Sortir. Cette idée venait à son esprit depuis son renoncement. Pourquoi n’essaierait-elle pas ? Aujourd’hui, tout était possible, l’évasion de ce matin le prouvait. Dehors s’étendait l’infini, d’autres lieux que sa mémoire oblitérait, d’autres souvenirs. Peut-être que des fragments de reliques remonteraient, ça valait le coup de tenter. Evra se leva. La porte dressait son bois, la défier s’imposait. Sa main se posa sur la poignée, le métal, semblable à de l’air, traversa ses doigts alors qu’elle essaya d’engager la rotation. Une sensation de chaud et froid l’avait d’abord brûlée avant de l’engourdir. Un vertige la saisit, elle l’attribua à la surprise de sa découverte. Jamais elle n’avait pu traverser son banc, unique objet de son ancienne mort. Toujours elle butait sur une structure invisible, la retenant. Comme les vivants en sorte. Se pouvait-il que sa liberté lui ait octroyé un pouvoir, celui de franchir un obstacle quel qu’il soit ? La question n’attendait qu’une réponse. C’est d’abord le bout d’un doigt tendu qui s’enfonça dans la porte, le poing suivit puis l’avant-bras. D’un coup, Evra bascula son corps. Les nœuds du bois se distordirent, chaque veinule, chaque grain s’effacèrent à son passage, l’épaisseur des planches de chênes l’absorbèrent avant de la rejeter. Elle tomba sur le sol herbeux, contente d’avoir réussi mais à bout de force. Une fatigue insondable la cloua à terre, la même que celle ressentie le matin. Ces exploits épuisaient son énergie, elle ne devait pas en abuser. De longues minutes lui furent nécessaires afin de se ressaisir, debout, elle se dirigea d’instinct vers les ruines du Duntulm Castle. Dans son dos, un trou apparut dans le chaud blouson qui la couvrait. Elle ne le remarqua pas.

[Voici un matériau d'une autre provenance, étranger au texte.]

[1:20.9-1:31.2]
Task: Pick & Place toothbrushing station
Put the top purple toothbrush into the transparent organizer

Un sentier, dessiné par le passage de marcheurs, menait aux pierres ancestrales, on devinait leurs reflets bleus sous les rayons d’une lumière cendrée. La lune éclairait la lande, marquant le sillon de terre noire que parcourait Evra. La brèche zigzaguait au gré des rochers nageant sur l’herbe, autant d’îles disséminées sur les flots vert, autant d’histoires différentes. Aucune ne lui revenait, elle connaissait pourtant ce chemin, ses pieds n’hésitaient pas. Point de conquête dans ses foulées, le sol était sien, elle avançait en terrain éprouvé. Tout se liait. L’air salé du large, l’océan brisant ses lames sur le piton rocheux, le vent chargé d’embrun. Ici, c’était chez elle, nulle part ailleurs, et ses souvenirs n’avaient rien à lui apprendre. Evra le savait, sa vie avait commencé là, au milieu de ce désert de vert, de bleu, de calme, de fureur. Là, tout en haut de son île.

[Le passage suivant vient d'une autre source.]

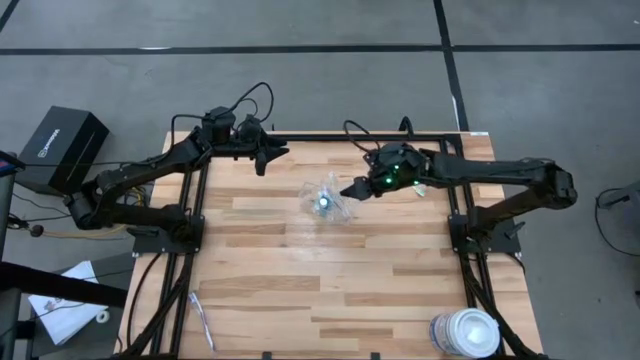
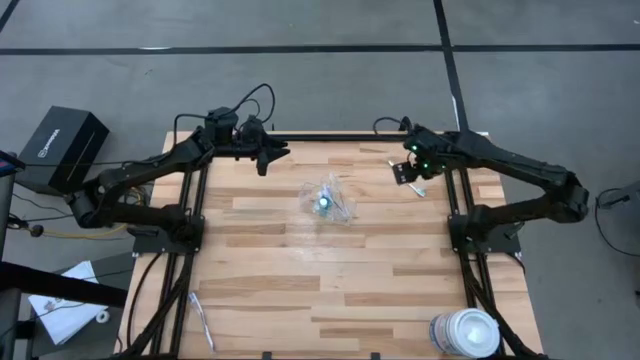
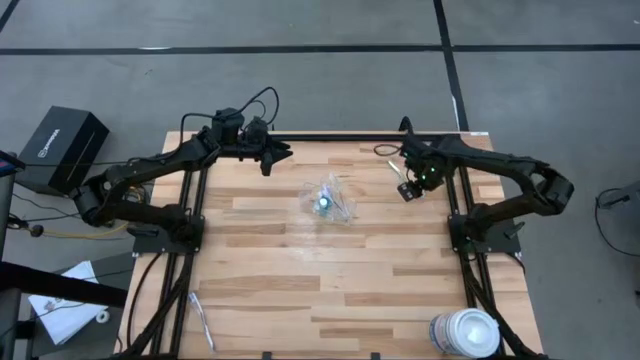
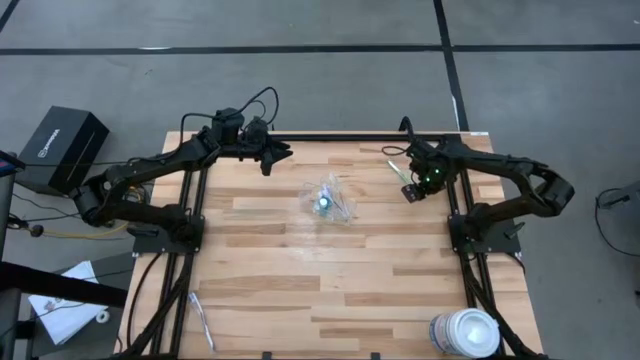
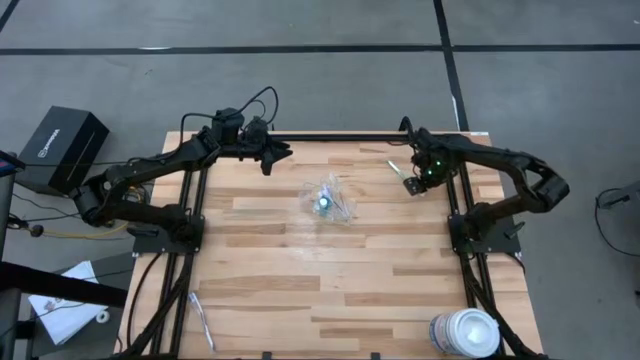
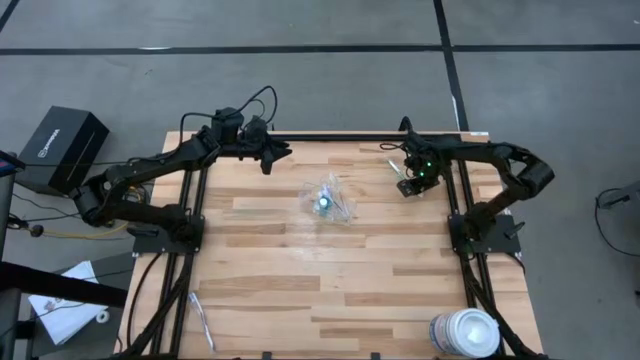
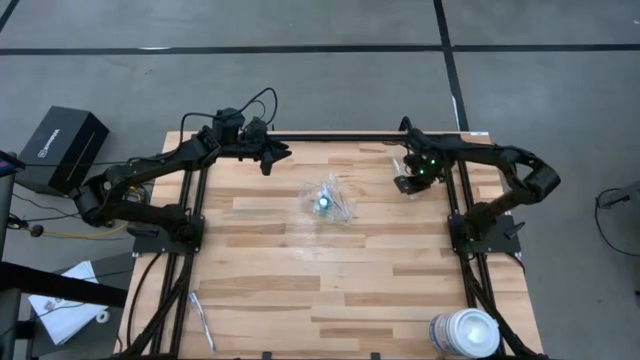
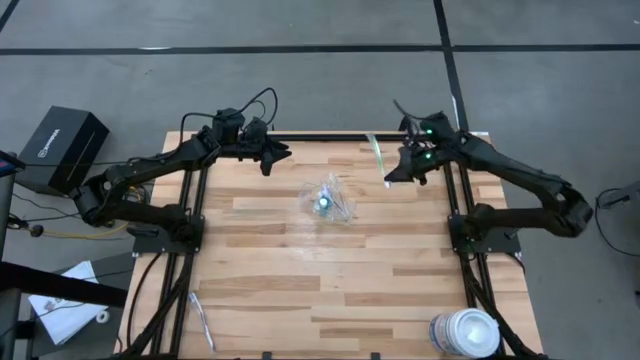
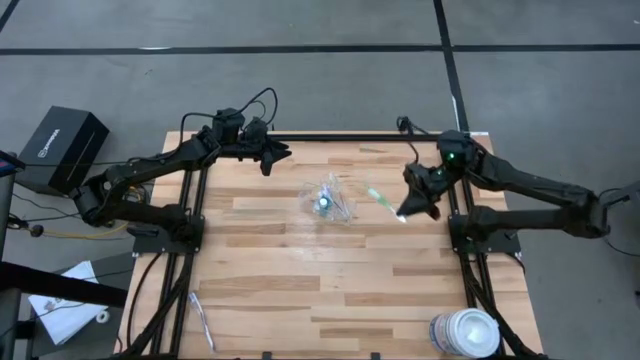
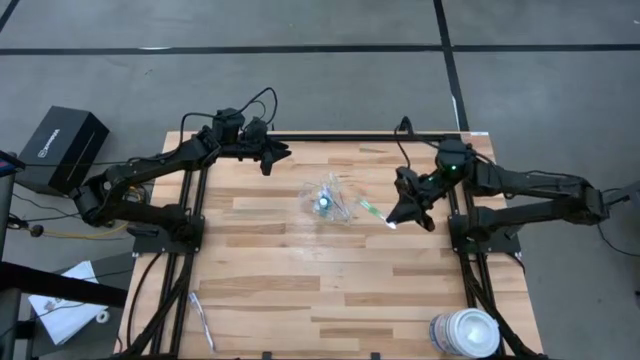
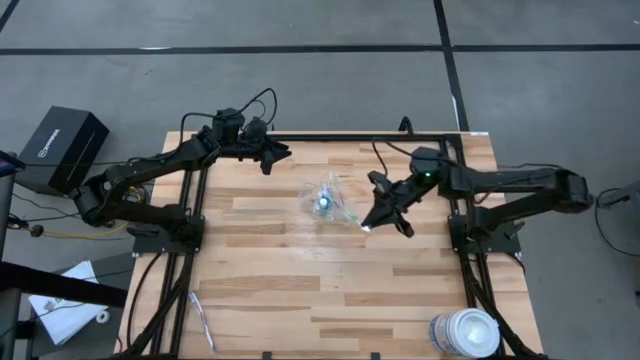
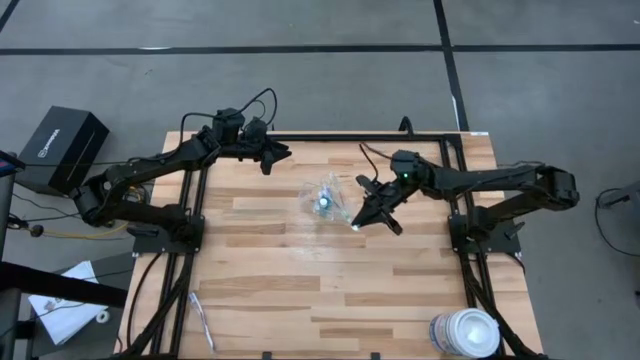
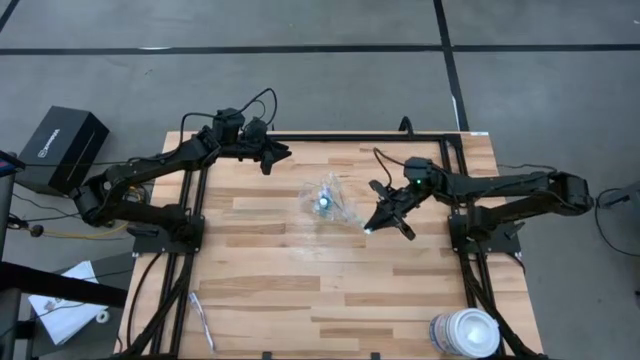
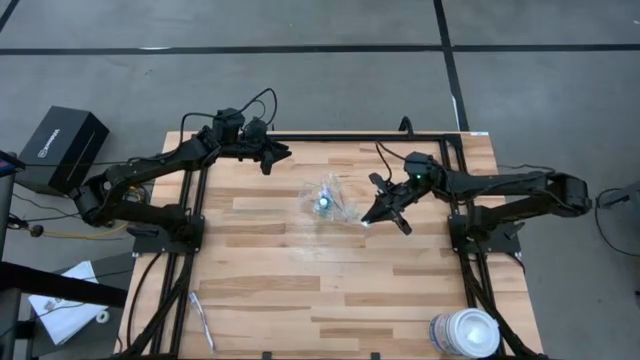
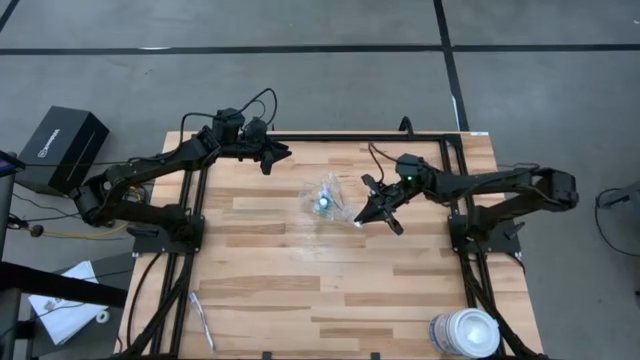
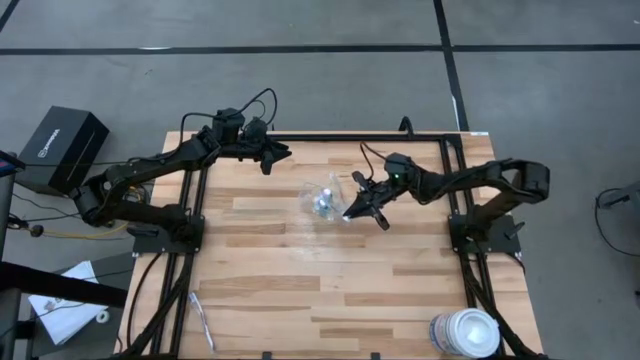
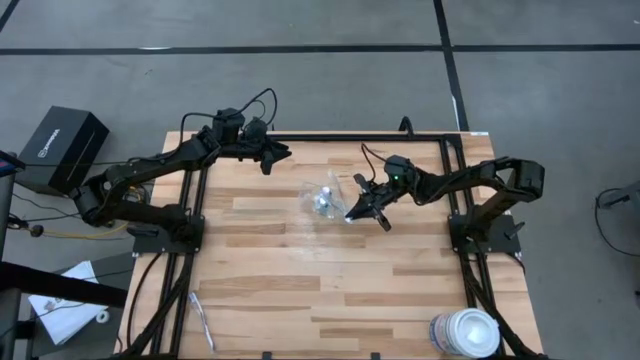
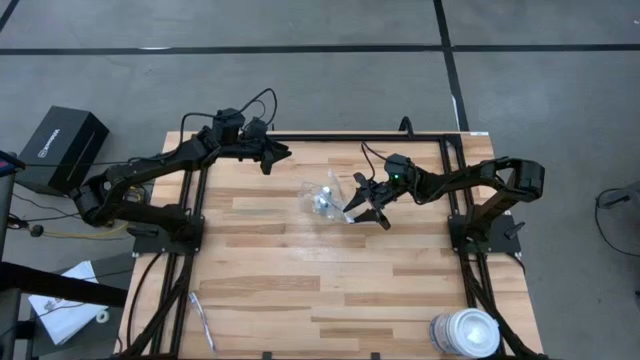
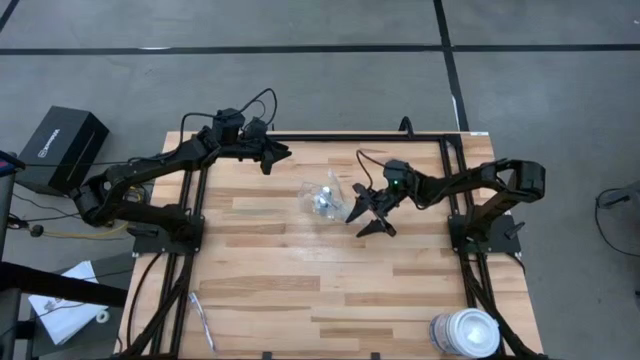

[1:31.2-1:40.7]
Put the green toothbrush into the transparent organizer

Encore une centaine de mètres, la figure de proue se dessina. Fier, le navire dressait les restes de sa coque rongée par le temps. Ne subsistait sur sa droite qu’une bordée de pierres maltraitées par les éléments, le mur s’élevait autour d’une ouverture plongeant sur l’anthracite de l’océan. L’opposé ne se constituait qu’en éboulis informe, seul un moellon élancé en stèle résistait. Herbes et lichens régnaient en maîtres, partageant la moindre parcelle, s’infiltrant, tels des traîtres, dans les plus petits interstices. Unis, leurs forces descellaient la gageure du lien de terre, dans le combat qui les opposaient au grès, leur victoire serait indéniable. L’ensemble, perché sur un éperon rocheux, toisait les vagues de son illustre aura et s’imposait en bastion isolé. Quels diables d’hommes avaient construit cette forteresse perdue ? Cherchaient-ils une vie solitaire, un exil ? Evra pensa que ce qui échappe aux yeux échappe au cœur, cachés à l’ombre des épaisses parois, les gens qui vivaient là, ne se nourrissaient que d’oubli.